While the NHL conveniently overlooked its own inaction and ineptitude to defuse the circumstances leading up to Bertuzzi's assault on Steve Moore, the league also sent a shot across the bow of various members of the Fraternal Order of Barking Big Mouths to shut the heck up.
IN THE SLOT Chirpin' "That gutless puke (Ottawa coach Jacques) Martin doing that (deleted). But when you pull that (deleted) off it comes back to get you. They have to come in here one more time (April 2). They won't be able to hide (Daniel) Alfredsson and (Marian) Hossa and all those guys then."
-- Flyers general manager Bob Clarke, after the 419-penalty minute game with the Ottawa Senators.
No WC for Bertuzzi? Another item on the list of unclear messages is Bertuzzi's availability for the upcoming World Cup of Hockey.
If he's suspended, the International Ice Hockey Federation would recognize the suspension and strike him from the Team Canada roster. Given the league's comments about Bertuzzi having to visit with Bettman to apply for reinstatement before next season's training camps open, one would assume he's out.
Problem is, no one is saying that for the record, and you get the sense that there was a carefully crafted window whereby the league can take the temperature regarding Bertuzzi sometime over the summer and then schedule a hearing anytime after the playoffs end or well past the start of the tournament that gets under way in August.
If it's before, he's in. If it's after, the commish can keep him out.
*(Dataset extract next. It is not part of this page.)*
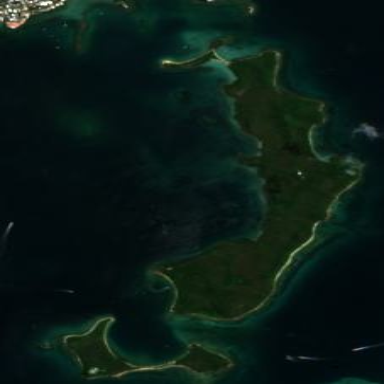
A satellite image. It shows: Island with natural coastline.
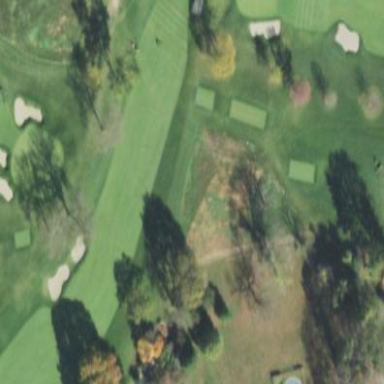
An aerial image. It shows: Rough area on grassy golf course.

That's the nice part of being commissioner; you can do those sorts of things and make situational decisions.
Bright future in Phoenix Through Thursday, the Phoenix Coyotes were 0-5-1-2 since they fired Bob Francis and replaced him with interim coach Rick Bowness. Bowness is a career coach and deserves a better fate, but when you take over a team that has traded eight rostered players since Feb. 9, and gets mainly draft picks, prospects and Derek Morris in return, it's difficult to even know who you are coaching, let alone getting them focused enough to win.
Difficult as it appears, there may well be a future for the Coyotes, and not just as dogs in the desert. GM Mike Barnett made moves for young talent and, over time, it should prove to be a nice collection. Keep an eye out for defenseman Keith Ballard of the University of Minnesota. He may well opt to turn pro once the NHL settles its labor issues, and the consensus is that he will be a good one.
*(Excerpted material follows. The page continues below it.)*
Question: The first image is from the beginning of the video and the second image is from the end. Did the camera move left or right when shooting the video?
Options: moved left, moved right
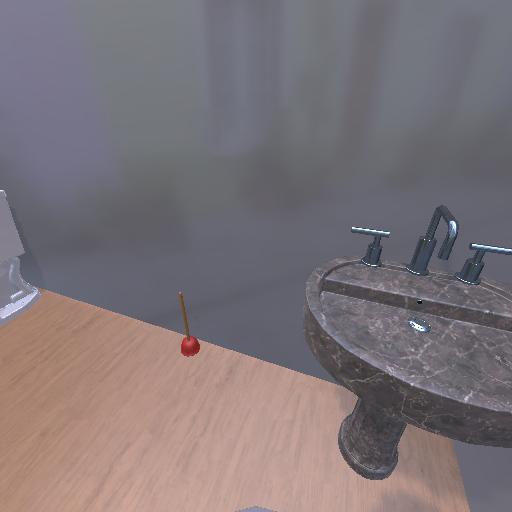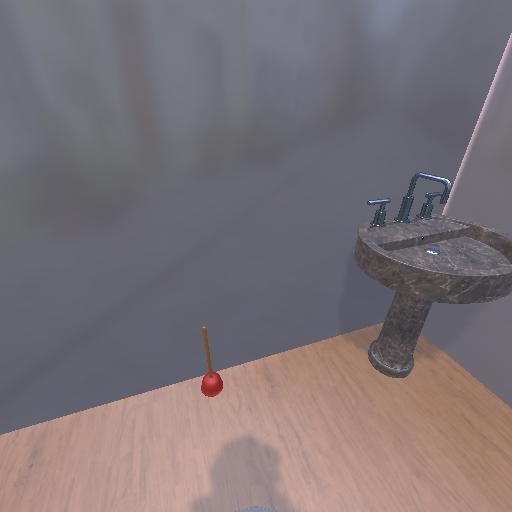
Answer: moved left

Taking a look at Luc We tip our proverbial hat to Los Angeles Kings forward Luc Robitaille. Pretty much considered finished after he was cut loose by Detroit, Lucky Luc recently scored the 651st goal of his lengthy career. He also hit the 20 (or more) goal mark for the 16th time in 18 seasons and is only the sixth active player to have 16 or more 20-goal seasons.
But like they say in those $19.99 commercials, wait, there's more. Heading into the weekend, Robitaille was just six points away from becoming the highest scoring left wing in NHL history. Legendary Boston Bruin John Bucyk holds the mark with 1,369 points. Robitaille is at 1,364. On Saturday he will play his 1,000th NHL game as a King, and he needs only 11 more goals to break Marcel Dionne's club record of 550 goals, a mark once thought to be unreachable. Robitaille also played for the New York Rangers and Pittsburgh.
FYI: Kings coach Andy Murray set the club record for games coached when he passed Bob Pulford. Murray has coached 398 games and has 177 wins, two fewer than Pulford.
Wild about ties It's a longshot, but the Minnesota Wild has a chance to record more ties than wins (and even losses) this season. Heading into the weekend, the Wild were 22-26-20-2, and they pretty much dumped all their veteran players at the trade deadline.
While on the subject, the Edmonton Oilers have now been in six straight overtime games, something being investigated as an NHL record.
Misinformed For the record, those reports of Tony Granato being fired in Colorado and replaced by Joel Quenneville were every bit as wrong as the ones that had Chris Pronger being traded from St. Louis to various cities.
There's a remarkable amount of misinformation being circulated by hockey media on any day of the week, but it reaches epic proportions in the days leading up to the trade deadline.
The consequences have been somewhere between small and non-existent to date, but in imposing the fine, even a relatively minor one such as this, the league has served notice that the Canucks -- and especially coach Marc Crawford and forward Brad May -- had a hand in orchestrating the mayhem.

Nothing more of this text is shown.